Small Home Gazette, Winter 2021
Making the Best of Painted Fireplaces
For those who want to remedy a previous owner’s misdeed, there are two options: remove the paint or cover the existing paint with something that looks better.
Paint Removal: Not for the Fainthearted
Paint can be removed from bricks with chemical strippers or blasted away with abrasive grit. But even the most successful removal projects are lengthy, messy and grueling; and almost always fall short of success.
When searching online for the best strippers for use on brick, three products are mentioned most often: Peel Away, Citristrip and various brands of soy gel stripper. They all remove paint from brick, but because brick and grout are porous and uneven, they usually must be applied and removed multiple times. When working with brick that has deep pores and crevasses, it can also be challenging to remove the stripper itself. Removal usually involves rinsing with water, and it is not easy to keep water away from the floors, wood trim and plaster walls that surround fireplaces.

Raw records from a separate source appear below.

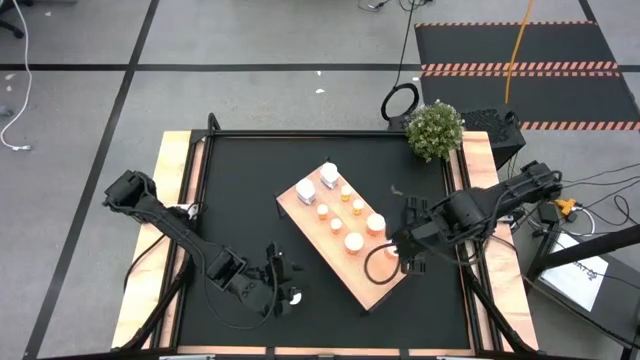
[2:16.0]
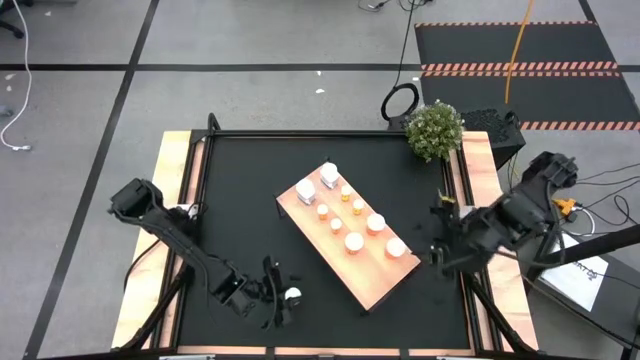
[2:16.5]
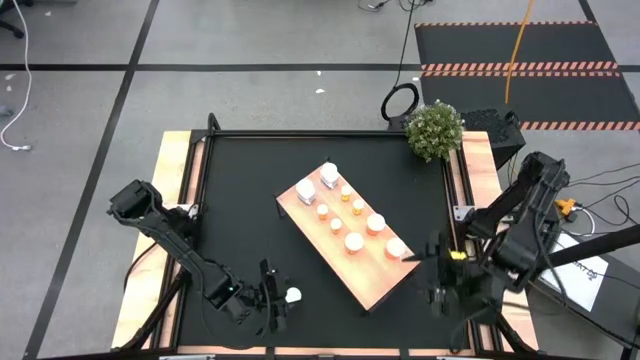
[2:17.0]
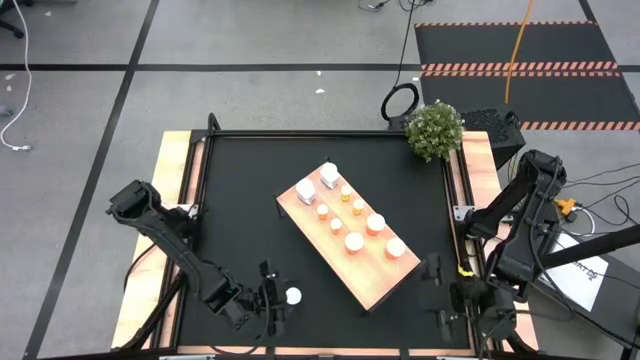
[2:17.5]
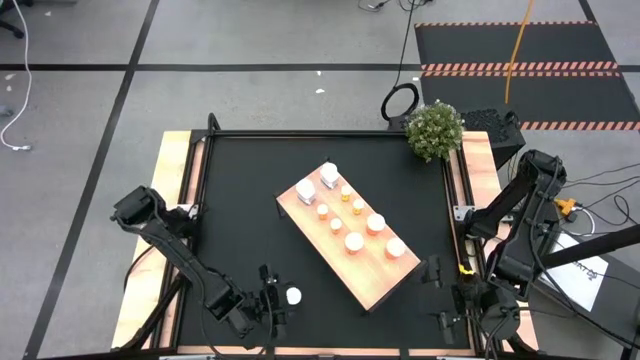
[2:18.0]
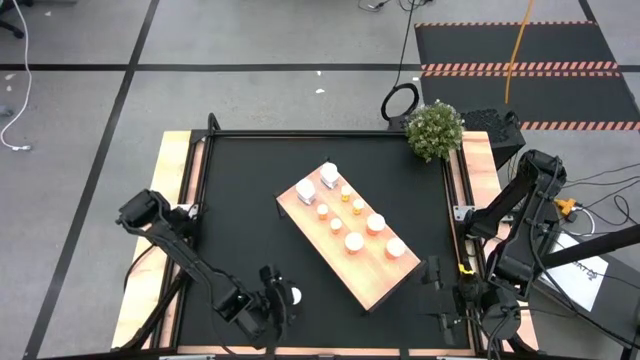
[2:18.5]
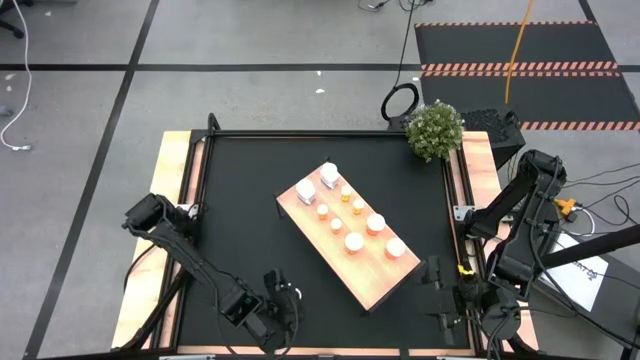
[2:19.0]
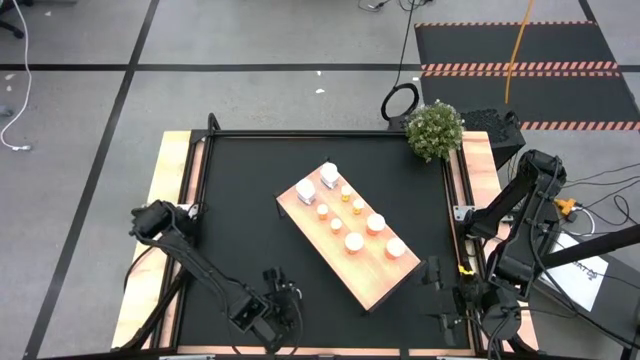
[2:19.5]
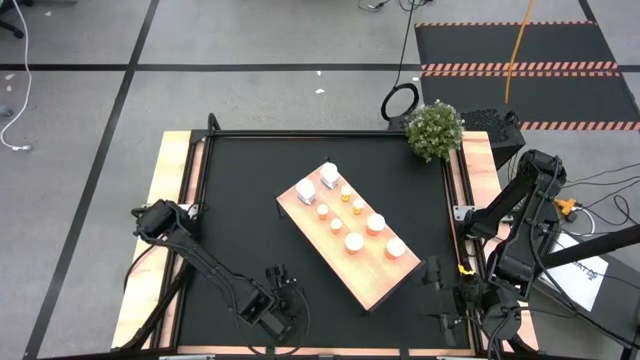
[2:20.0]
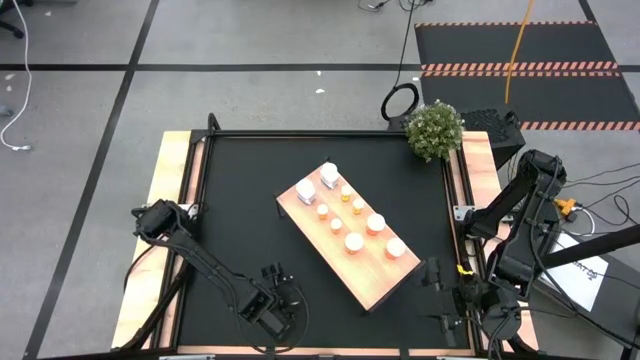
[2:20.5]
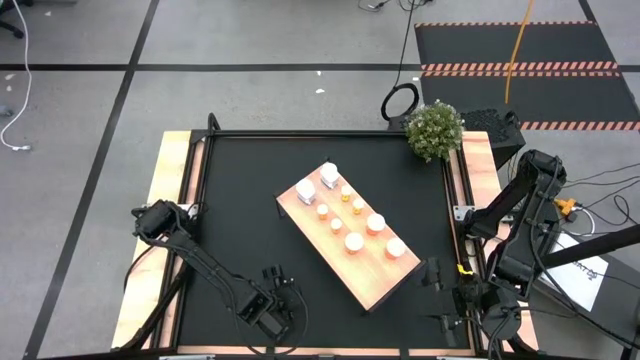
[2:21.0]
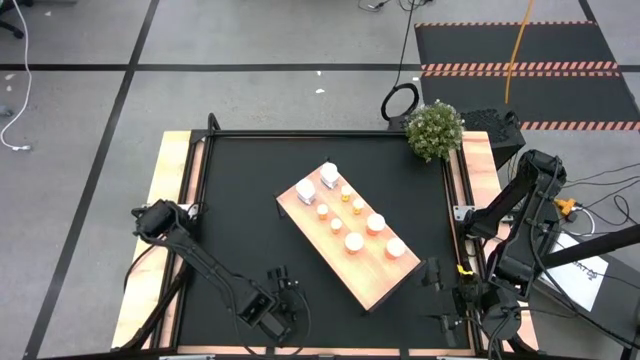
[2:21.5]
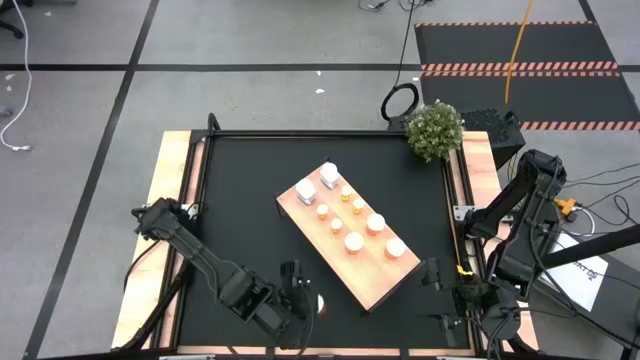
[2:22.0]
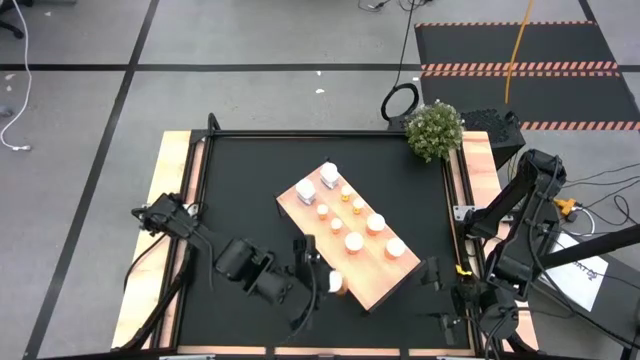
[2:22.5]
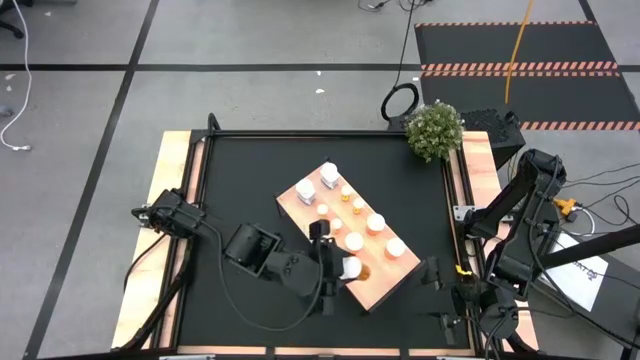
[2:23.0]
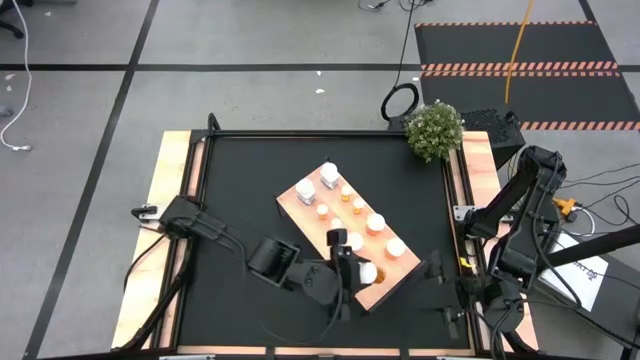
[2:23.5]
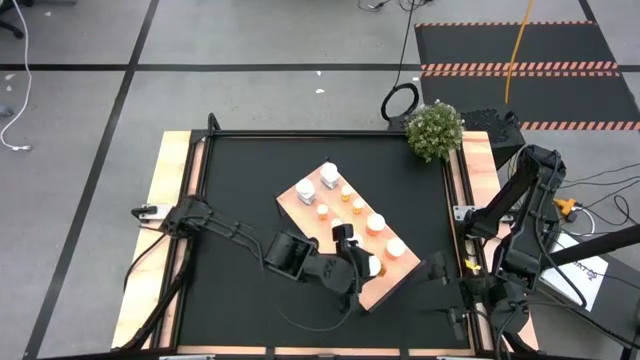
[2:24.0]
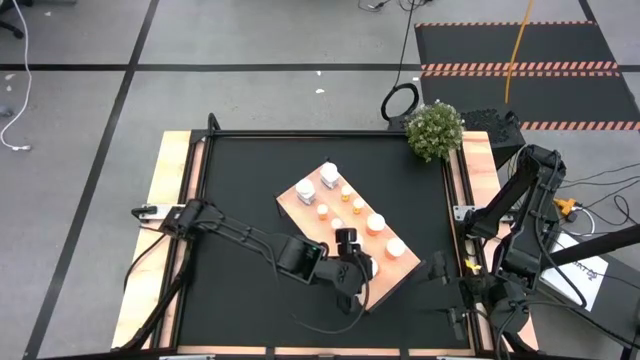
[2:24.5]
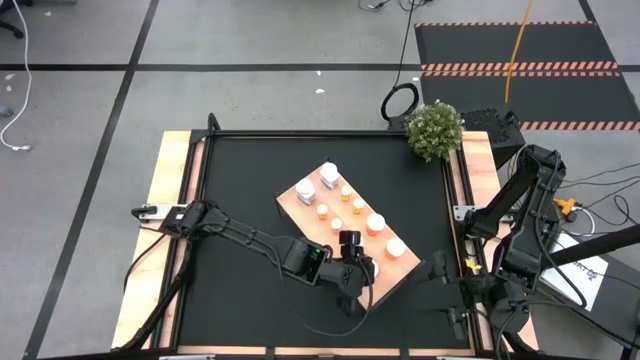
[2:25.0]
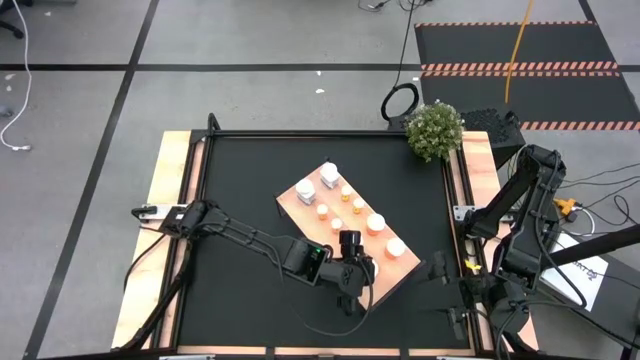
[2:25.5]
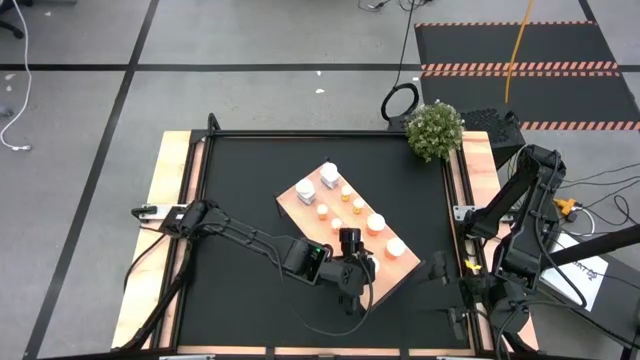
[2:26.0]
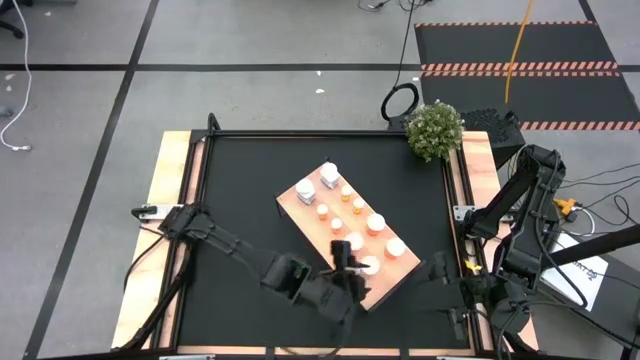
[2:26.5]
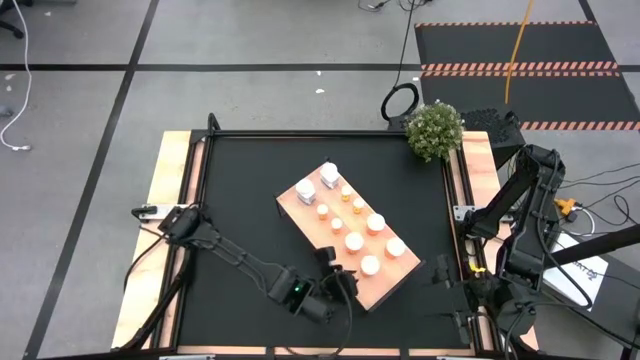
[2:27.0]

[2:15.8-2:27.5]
Task: Pick and place medicine bottles onto shelf by color
Put the large orange pill bottle on the shelf aligned with the other large orange pill bottle

In the online blog My Alternate Life (see Resources section), blogger Jordann explains how she successfully removed paint from her fireplace brick with soy gel stripper. But she was fortunate—her fireplace was small; it had only one coat of paint on it; and the bricks’ surface was smooth.

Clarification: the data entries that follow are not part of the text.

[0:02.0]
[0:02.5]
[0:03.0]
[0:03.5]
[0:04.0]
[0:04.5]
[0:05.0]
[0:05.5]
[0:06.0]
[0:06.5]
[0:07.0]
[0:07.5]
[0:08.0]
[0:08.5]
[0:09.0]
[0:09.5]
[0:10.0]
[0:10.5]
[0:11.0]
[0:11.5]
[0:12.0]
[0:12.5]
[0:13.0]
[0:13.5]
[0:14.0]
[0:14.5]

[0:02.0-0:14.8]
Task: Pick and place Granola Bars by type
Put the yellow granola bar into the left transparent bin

Meanwhile, married couple Katie and Pat describe their multi-week project in a three-part blog Salt & Rook (see Resources). The couple describes the strippers, tools and techniques used to remove layers of white paint from their highly-textured fireplace brick. It was sloppy, tedious, exhausting work. In the end, they got much of the paint off but not all of it, resulting in a lightly whitewashed appearance. They later admitted defeat and decided to re-paint the brick—in dark gray!
One substance we DO NOT recommend as a paint remover is lye. Lye is very caustic—it will burn skin. And when mixing a solution one must always pour powdered lye into water, not the other way around. Otherwise it will explode. Seriously.
Many years ago former Bungalow Club member Tom Thorson used lye to remove paint from the fireplace in his and his partner’s south Minneapolis home. They enclosed their fireplace in a wood frame covered with plastic sheets. Outfitted with gloves, eye goggles and a respirator mask, Tom slathered lye paste on the bricks section by section, then wiped and scrubbed it off. This removed enough paint to reveal the bricks’ rough texture but still left the fireplace looking whitewashed. So Tom applied an irregular coat of rust-colored, automotive primer spray paint to hide most of the remaining white. He followed this with a light misting of black spray paint. There were still dozens of white paint specks visible in deep pores, so he painstakingly painted each one out using a small artist’s brush.
Blasted Brick
Paint can also be blasted off of brick but this also has serious drawbacks. Hard materials such as sand should never be used, as it is guaranteed to permanently damage the bricks’ surface. Alternatives include bits of glass from recycled bottles, ground nut shells and even the use of high-pressure water vapor (see Resources). The other problem is containing the blasting media. Anything shot onto bricks with enough force to strip paint will ricochet in other directions at a very high speed.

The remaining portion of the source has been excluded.